Sulteng-kabupaten Parigi Moutong, tipikorInvestigasinews.id -memperhatikan cara prilaku oknum kades inisial AMD diduga kuat melakukan tindakan penyalahgunaan wewenang
Setiap tahun anggaran DD Sausu Auma mengalami kebocoran anggaran, hal itu disebabkan beberapa aitem pekerjaan yang tertera di APBDes, dananya dambil kades dan tidak dilaksanakan, sehingga menimbulkan kerugian besar bagi masyarakat desa sausu Auma kecamatan sausu kabupaten parigi moutong (Parimo) kata warga desa Auma yang namanya tidak mau di sebutkan senin (14/7/2025)

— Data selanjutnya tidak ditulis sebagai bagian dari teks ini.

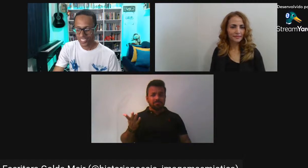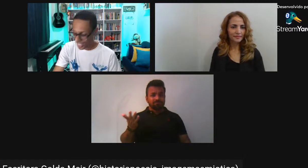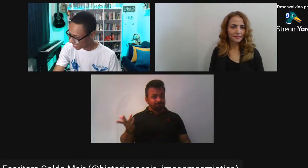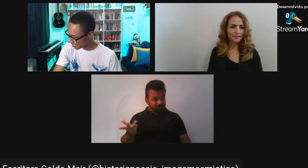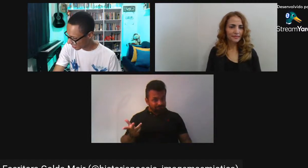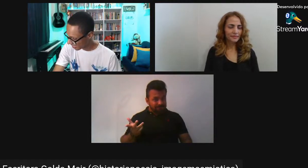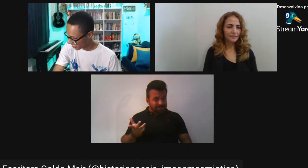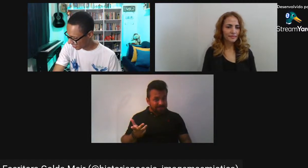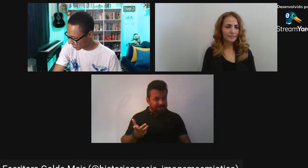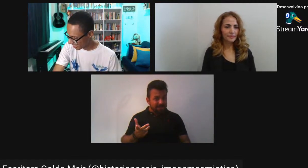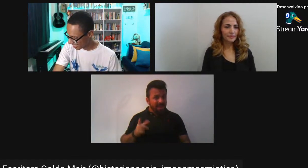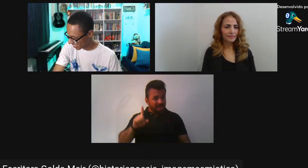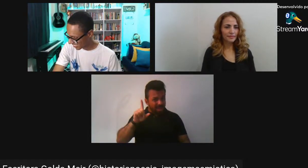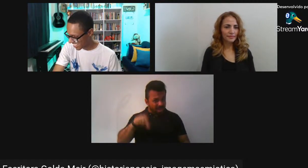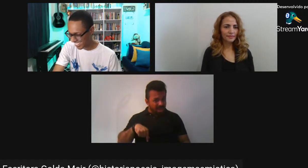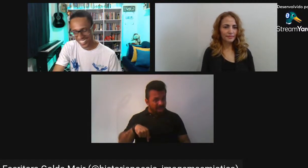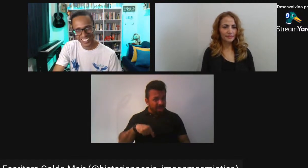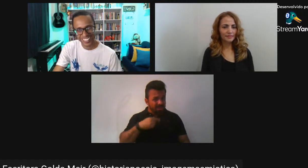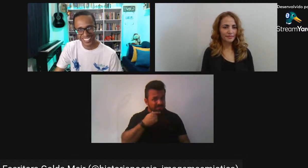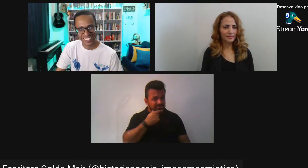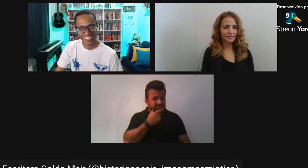Gente, olha

Dari hasil konfirmasi media ini, ketua BPD I gusti putu sudiana desa sausu auma pekan lalu di kediamannya mengatakan kami selaku Perwakilan Masyarakat telah berusaha semaksimal mungkin mengingatkan, baik lewat surat pembritahuan berkali-kali di surati, termasuk dalam pertemuan secara langsung bersama kades, untuk segera melaksanakan beberapa, aitem pekerjaan yang belum di kerjakan tahun anggaran 2024 antara lain, kegiatan silva tahun anggaran 2023
Rp. 29.990.000
Operasional yang bersumber dari DD Rp. 12. 660.930
Profil desa Rp. 5000.000
Penyelengaraan posyandu -kabel rol Rp. 170.000
-makanan khusus stating Rp. 2.945.000
Bahan material untuk tandon Rp.3.040.000 sisa
mobiler posyandu Rp 5.340.000
Timbangan balita Rp. 700.000
Pemeliharaan pemakaman Rp 1.405.000 belum terealisasi.
Bantuan Swadaya jembatan gantung rumah Rp.30.01.000
Bantuan Swadaya rumah Rp. 50.000.000
Bak penampung air Rp. 39.779.955
MCK Swadaya 5 unit Rp. 24.987.500
Pemeliharaan sarana tranportasi Rp. 8.490.000
Pengadaan alat olah raga dan hadiah lomba Rp.10.713.820
Pengadaan pupuk paten Rp. 118.680.000
TOTAL RP. 343.612.205.
Oknum kades inisial AMD selalu ingkar janji sehingga masyarakat tidak ada lagi percaya, termasuk janjinya menyelesaikan pekerjaan yang belum terealisasi pada bulan maret, sampai sekarang masuk tahun 2025 tidak perna terselesaikan janjinya.
Media ini konfirmasi kepada sekdes sofianus amli mengakui bahwa ada beberapa aitem pekerjaan tahun anggaran 2024 yang belum dilaksanakan, sehingga saya tidak berani membuat Laporan pertangung jawaban (SPJ)
Melihat bobroknya prilaku oknum Kades AMD, sepatutnya pihak kepala wilayah kecamatan sausu dan PMD mengusulkan kepada bupati Parimo sangsi berat (Menon aktifkan) dan sepatutnya pihak inspektorat selaku instansi auditor ikut bertangung jawab, terhadap dugaan DD yang di selewengkan oknum kades inisial AMD, dikarenakan kurangnya pengawasan yang lebih ketat sehingga terus menerus melakukan dugaan korupsi.
Publik mendesak pihak kajari parimo yang telah memeriksa Oknum Kades AMD dan perangkat desa yang terkait untuk segera melakukan proses hukum secepatnya, sehingga kasus tersebut tidak berlarut-larut menjadi sorotan publik.